**Material provided**

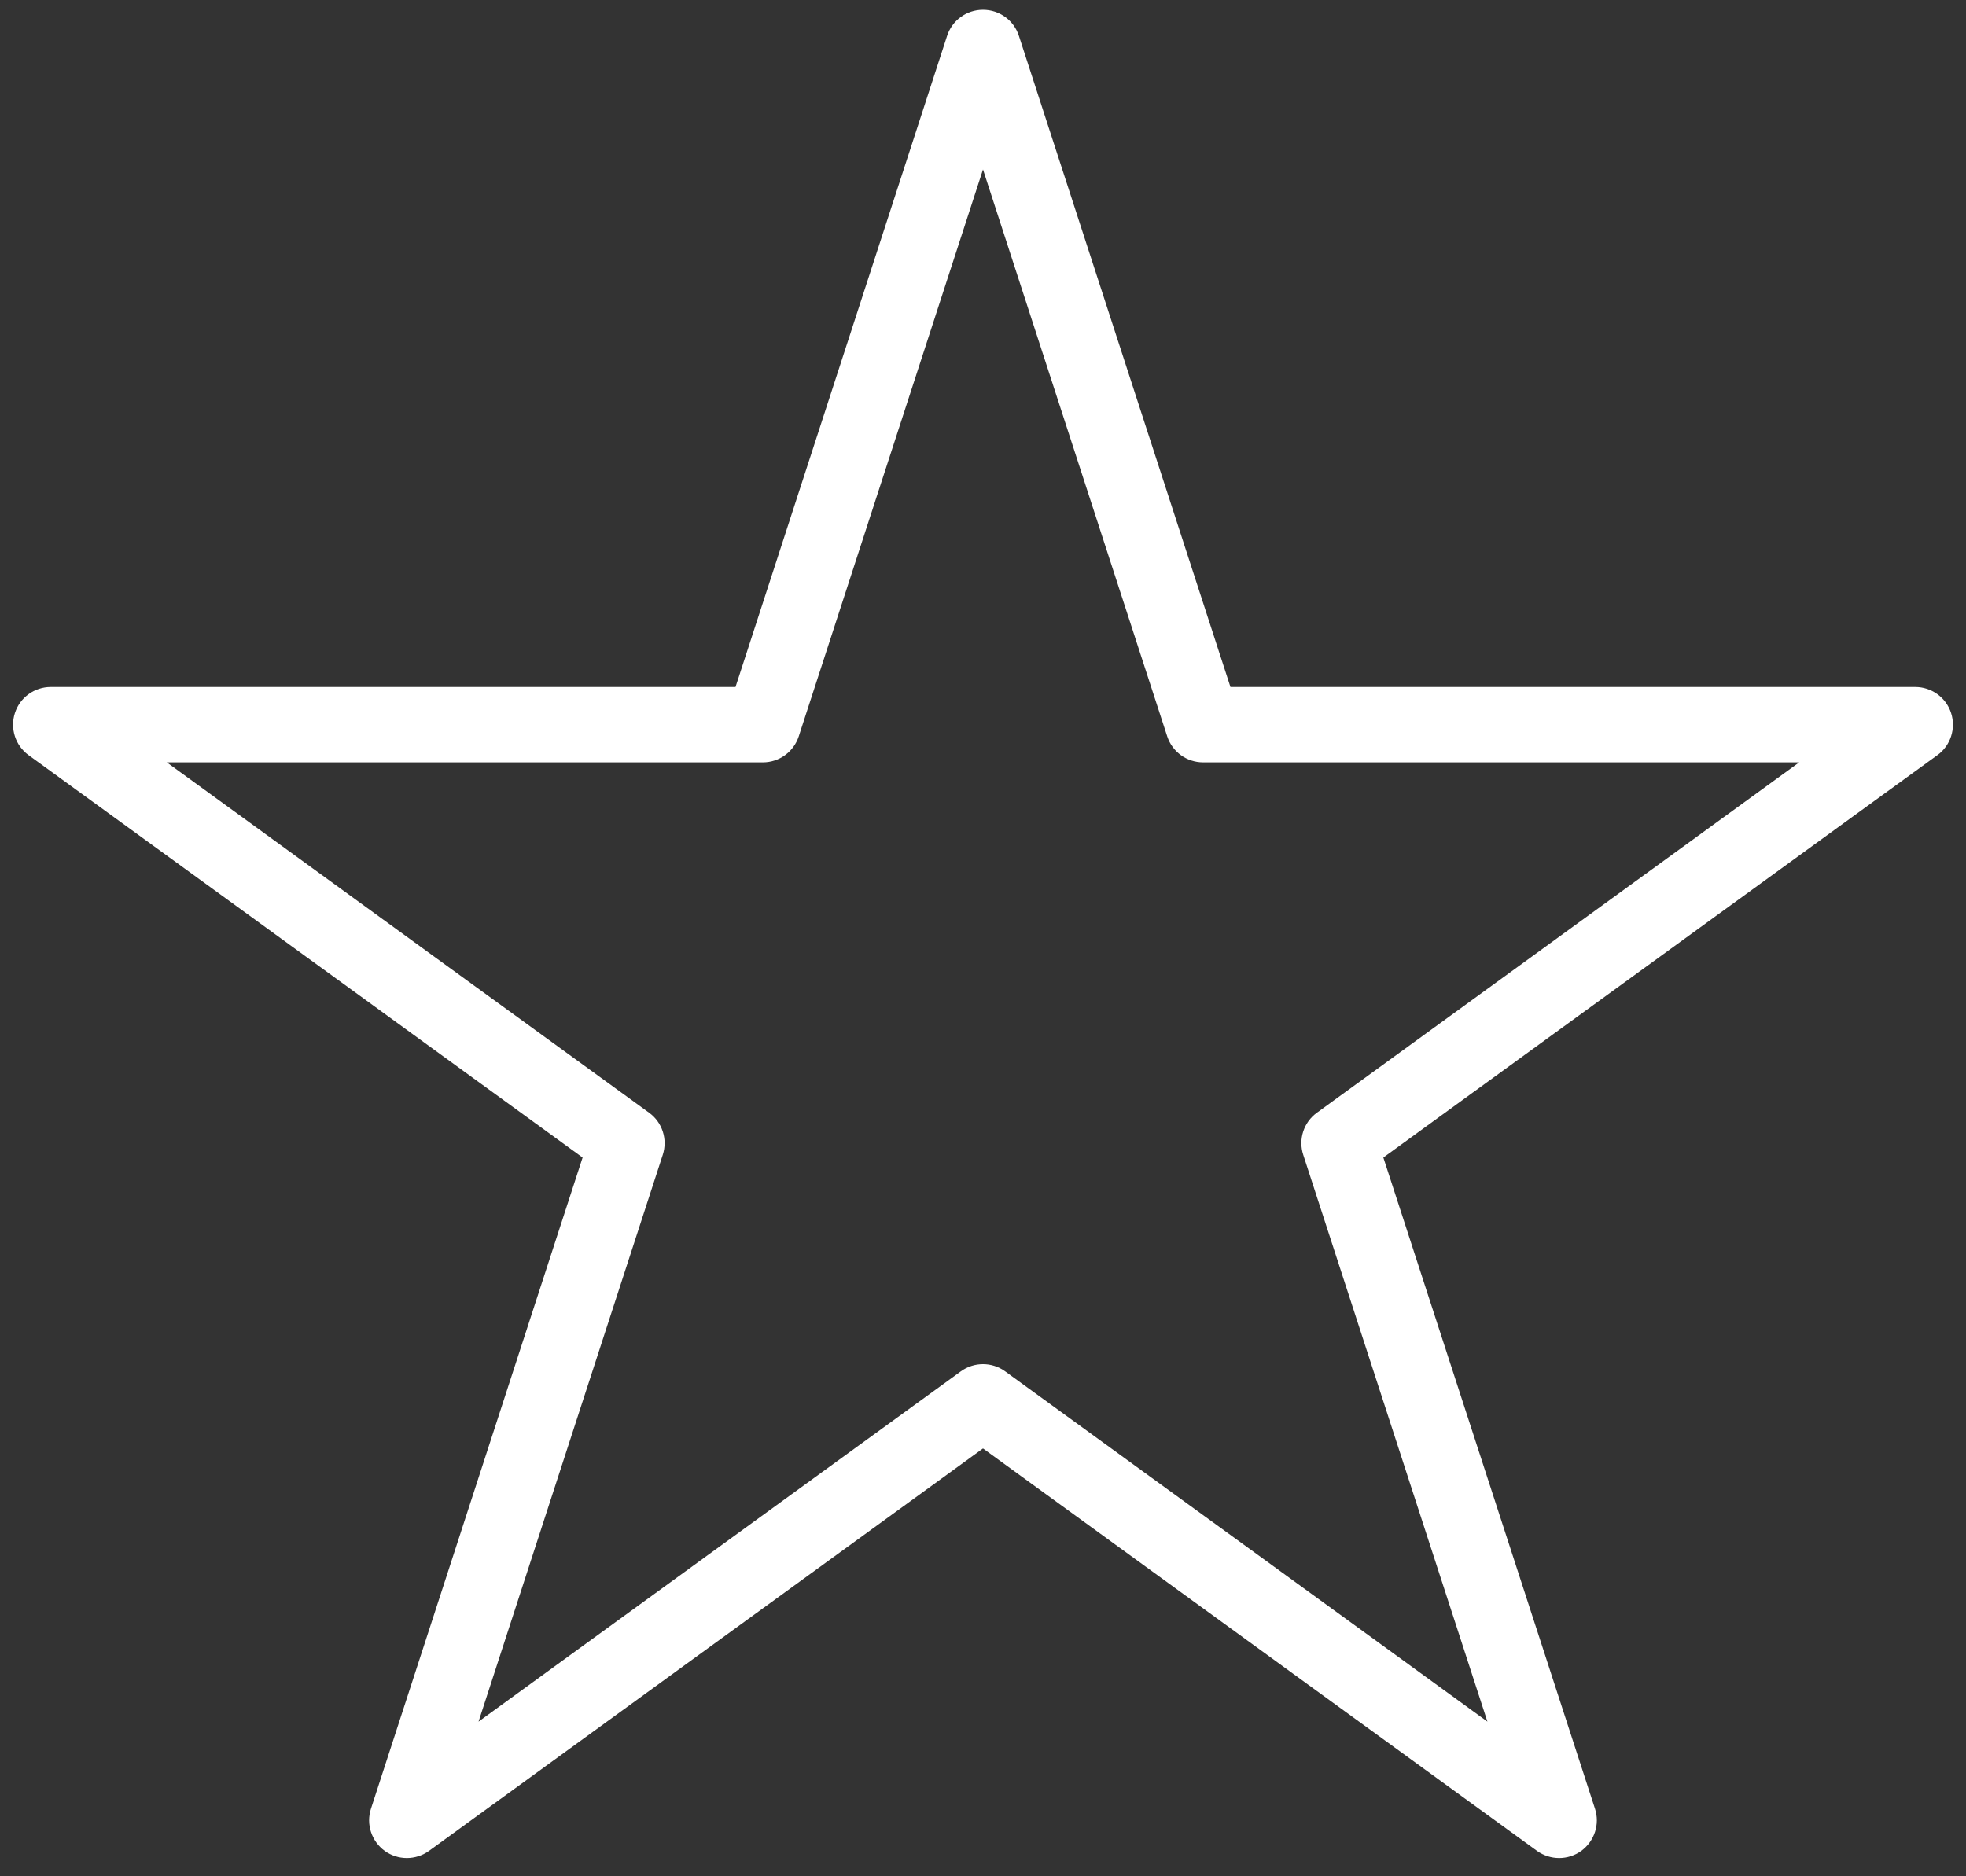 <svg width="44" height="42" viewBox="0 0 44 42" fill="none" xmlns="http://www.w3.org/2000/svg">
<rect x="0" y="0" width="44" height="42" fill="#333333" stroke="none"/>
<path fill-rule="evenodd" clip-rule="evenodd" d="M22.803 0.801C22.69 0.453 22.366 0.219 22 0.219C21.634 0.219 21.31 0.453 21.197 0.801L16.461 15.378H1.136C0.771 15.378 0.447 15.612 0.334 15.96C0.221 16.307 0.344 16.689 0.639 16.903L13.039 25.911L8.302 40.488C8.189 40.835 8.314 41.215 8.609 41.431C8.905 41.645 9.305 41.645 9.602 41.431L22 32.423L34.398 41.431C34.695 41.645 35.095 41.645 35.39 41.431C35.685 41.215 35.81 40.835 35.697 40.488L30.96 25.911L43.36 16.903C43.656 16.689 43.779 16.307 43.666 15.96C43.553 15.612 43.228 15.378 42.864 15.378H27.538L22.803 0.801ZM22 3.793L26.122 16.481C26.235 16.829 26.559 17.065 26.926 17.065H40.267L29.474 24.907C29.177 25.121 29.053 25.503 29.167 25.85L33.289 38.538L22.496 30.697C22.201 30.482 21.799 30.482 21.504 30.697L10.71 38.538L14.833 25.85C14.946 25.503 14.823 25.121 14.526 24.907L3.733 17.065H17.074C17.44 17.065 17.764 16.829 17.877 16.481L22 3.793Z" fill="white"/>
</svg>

---

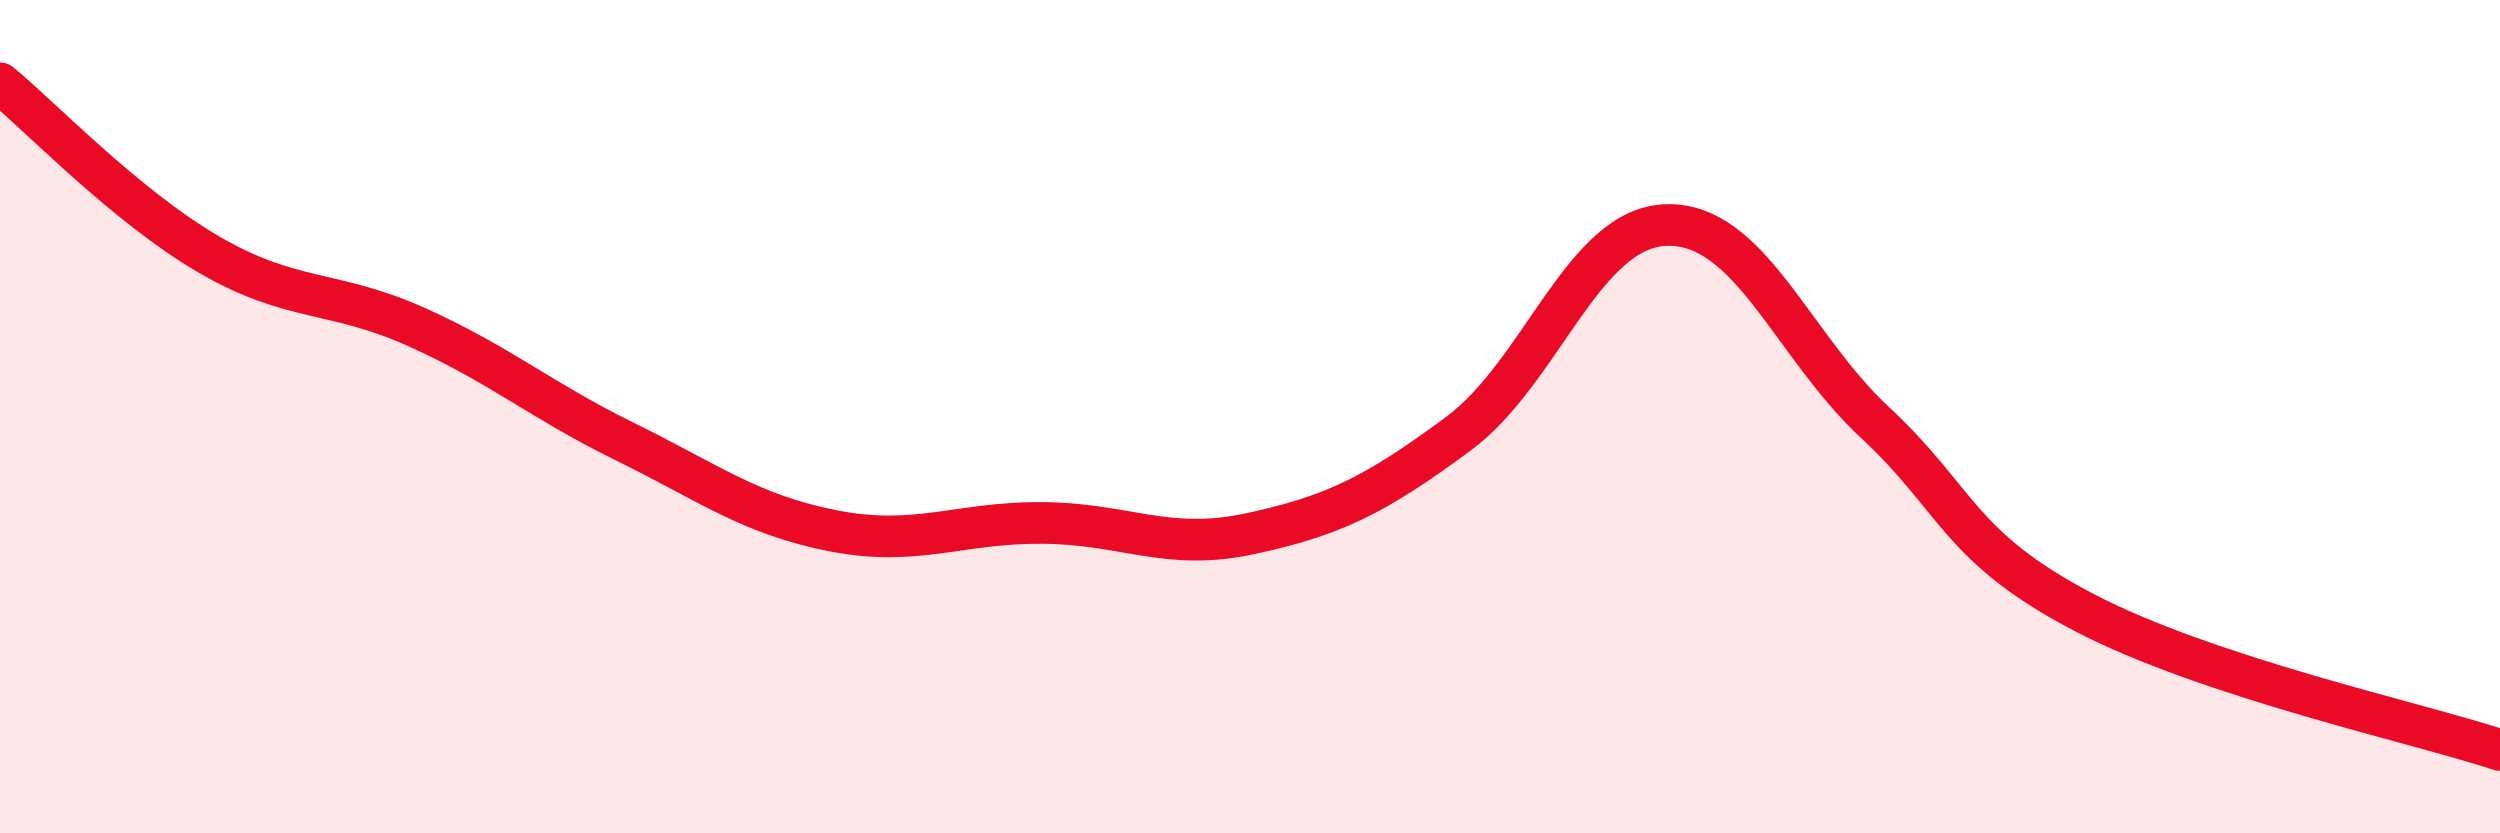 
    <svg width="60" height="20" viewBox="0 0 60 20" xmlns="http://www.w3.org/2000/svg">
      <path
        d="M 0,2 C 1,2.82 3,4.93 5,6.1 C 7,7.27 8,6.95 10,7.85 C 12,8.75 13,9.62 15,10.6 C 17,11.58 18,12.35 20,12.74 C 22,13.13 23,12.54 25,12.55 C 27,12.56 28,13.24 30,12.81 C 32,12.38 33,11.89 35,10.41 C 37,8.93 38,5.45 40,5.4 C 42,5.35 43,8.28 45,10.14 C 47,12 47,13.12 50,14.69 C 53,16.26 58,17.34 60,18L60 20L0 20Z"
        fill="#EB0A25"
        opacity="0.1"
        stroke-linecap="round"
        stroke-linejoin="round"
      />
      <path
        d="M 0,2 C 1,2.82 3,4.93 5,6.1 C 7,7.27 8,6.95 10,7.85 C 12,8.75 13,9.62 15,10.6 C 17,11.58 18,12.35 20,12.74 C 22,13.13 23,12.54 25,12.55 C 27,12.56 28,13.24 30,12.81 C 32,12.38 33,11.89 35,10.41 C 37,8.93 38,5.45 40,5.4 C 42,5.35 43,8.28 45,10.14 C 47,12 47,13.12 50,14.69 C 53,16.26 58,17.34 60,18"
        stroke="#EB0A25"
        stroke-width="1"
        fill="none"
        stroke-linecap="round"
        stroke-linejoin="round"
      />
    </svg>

**Assigned task**
Copy each line of the entries that includes the word "stroke".

**Problem solution**
<rect x="0" y="0" width="44" height="42" fill="#333333" stroke="none"/>
        stroke-linecap="round"
        stroke-linejoin="round"
        stroke="#EB0A25"
        stroke-width="1"
        stroke-linecap="round"
        stroke-linejoin="round"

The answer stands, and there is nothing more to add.